Nothing but the records, repeated word for word and free of pictures, belongs in the answer.

══ Input ══

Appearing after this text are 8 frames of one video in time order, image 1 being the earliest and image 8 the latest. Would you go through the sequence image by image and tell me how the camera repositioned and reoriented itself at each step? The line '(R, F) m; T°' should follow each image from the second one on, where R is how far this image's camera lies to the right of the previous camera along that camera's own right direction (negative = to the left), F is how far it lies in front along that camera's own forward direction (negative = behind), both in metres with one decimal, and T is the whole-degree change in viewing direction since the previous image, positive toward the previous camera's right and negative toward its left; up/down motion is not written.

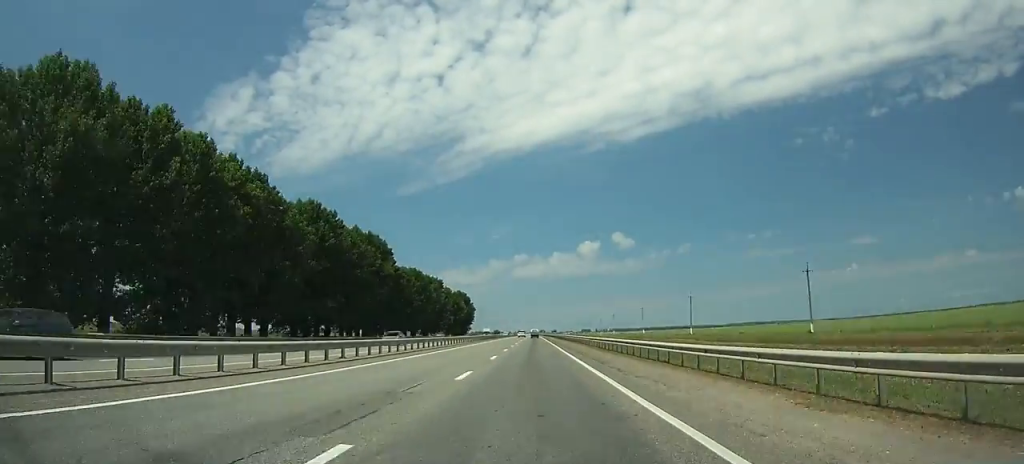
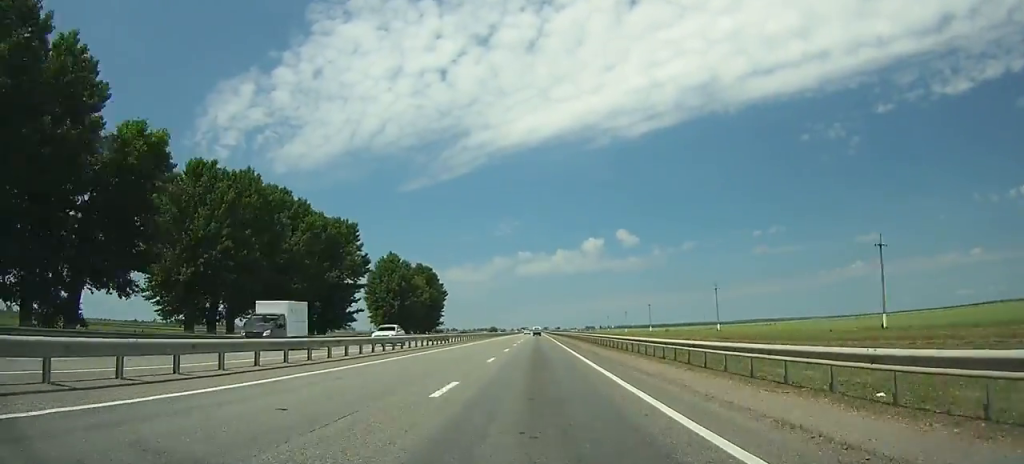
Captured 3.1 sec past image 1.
(+0.1, +77.2) m; 0°
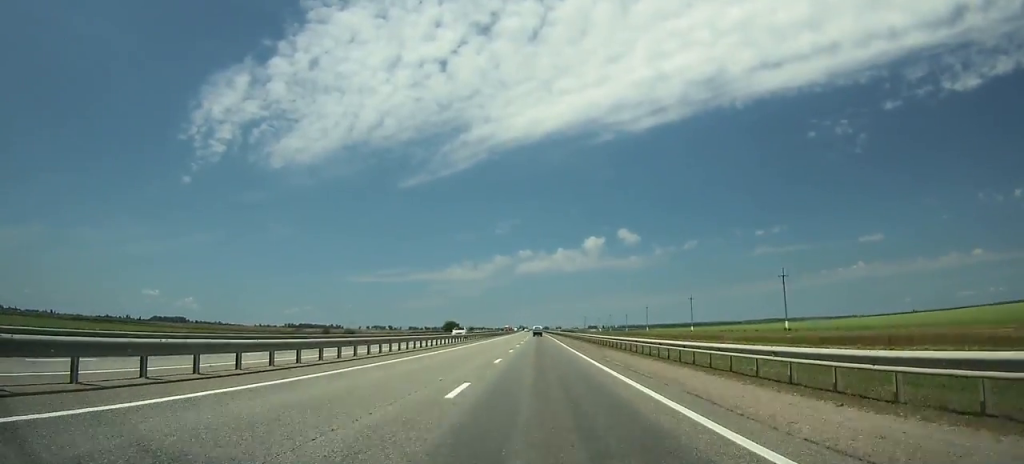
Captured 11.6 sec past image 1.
(+0.4, +214.6) m; 0°
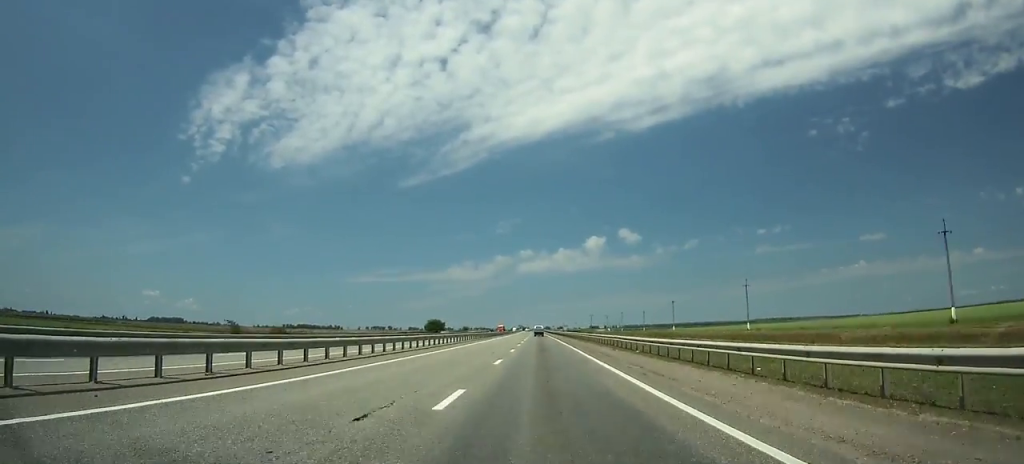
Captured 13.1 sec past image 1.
(-0.1, +38.1) m; 0°
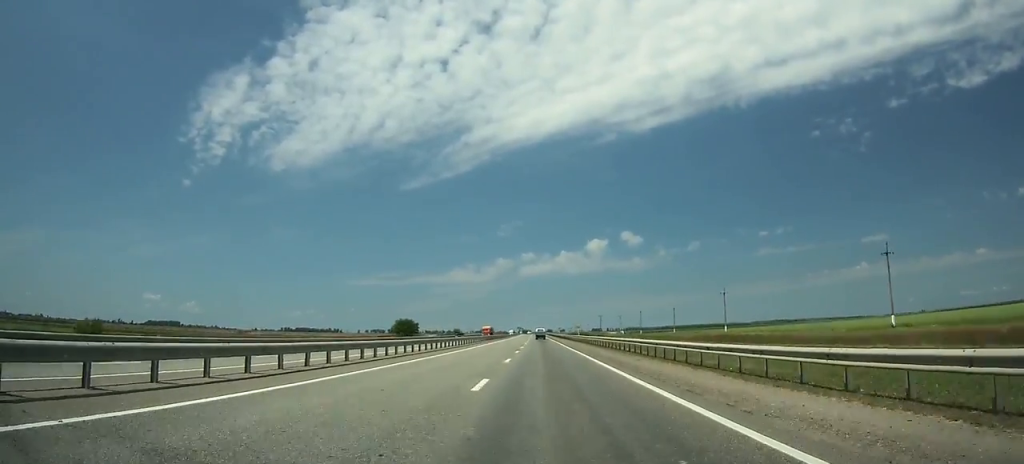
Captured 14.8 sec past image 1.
(-0.1, +43.2) m; 0°
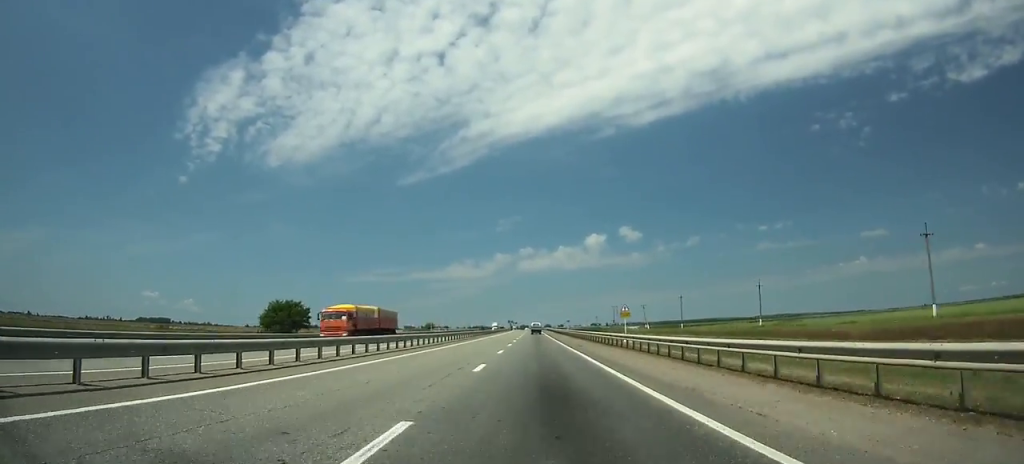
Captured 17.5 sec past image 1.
(-0.1, +68.3) m; 0°
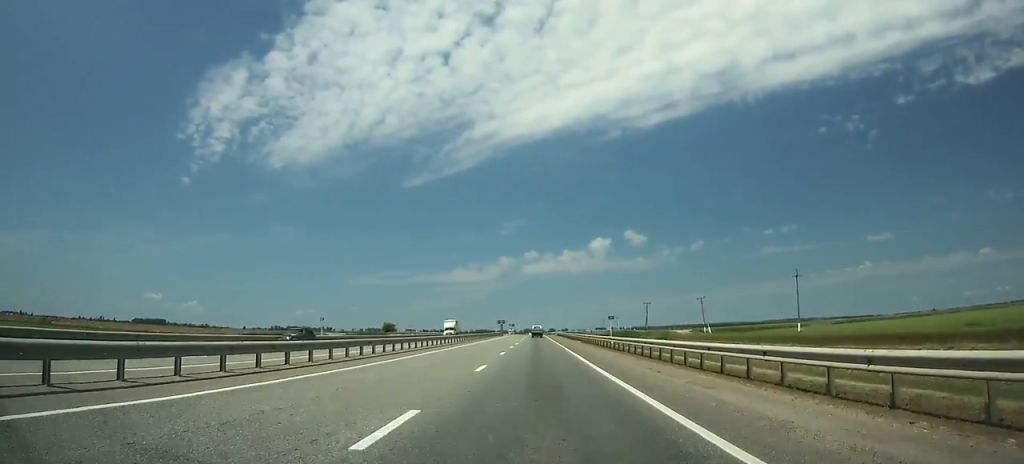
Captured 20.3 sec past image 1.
(-0.2, +70.4) m; 0°
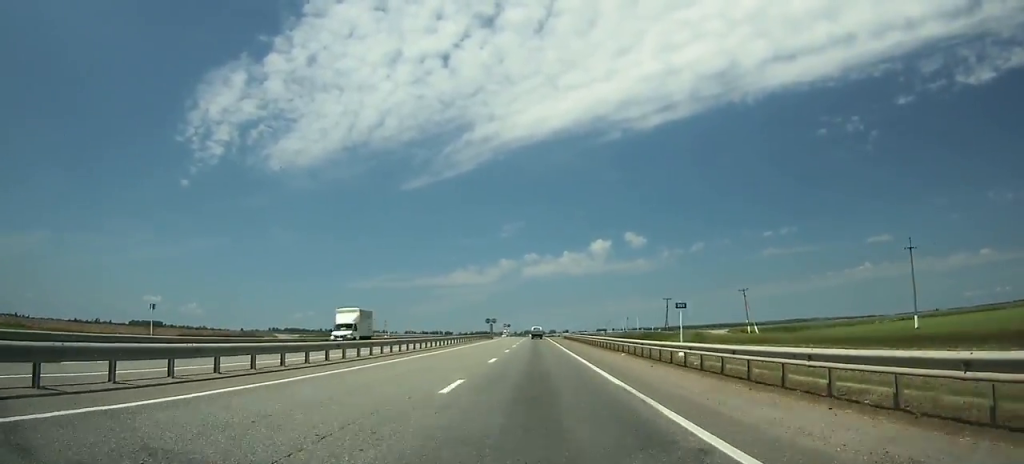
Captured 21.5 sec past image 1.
(0.0, +30.0) m; 0°

═══

Output for this exercise »
Appearing after this text are 8 frames of one video in time order, image 1 being the earliest and image 8 the latest. Would you go through the sequence image by image and tell me how the camera repositioned and reoriented itself at each step? The line '(R, F) m; T°' should follow each image from the second one on, where R is how far this image's camera lies to the right of the previous camera along that camera's own right direction (negative = to the left), F is how far it lies in front along that camera's own forward direction (negative = behind), both in metres with one decimal, and T is the whole-degree change in viewing direction since the previous image, positive toward the previous camera's right and negative toward its left; up/down motion is not written.

Captured 3.1 sec past image 1.
(+0.1, +77.2) m; 0°
Captured 11.6 sec past image 1.
(+0.4, +214.6) m; 0°
Captured 13.1 sec past image 1.
(-0.1, +38.1) m; 0°
Captured 14.8 sec past image 1.
(-0.1, +43.2) m; 0°
Captured 17.5 sec past image 1.
(-0.1, +68.3) m; 0°
Captured 20.3 sec past image 1.
(-0.2, +70.4) m; 0°
Captured 21.5 sec past image 1.
(0.0, +30.0) m; 0°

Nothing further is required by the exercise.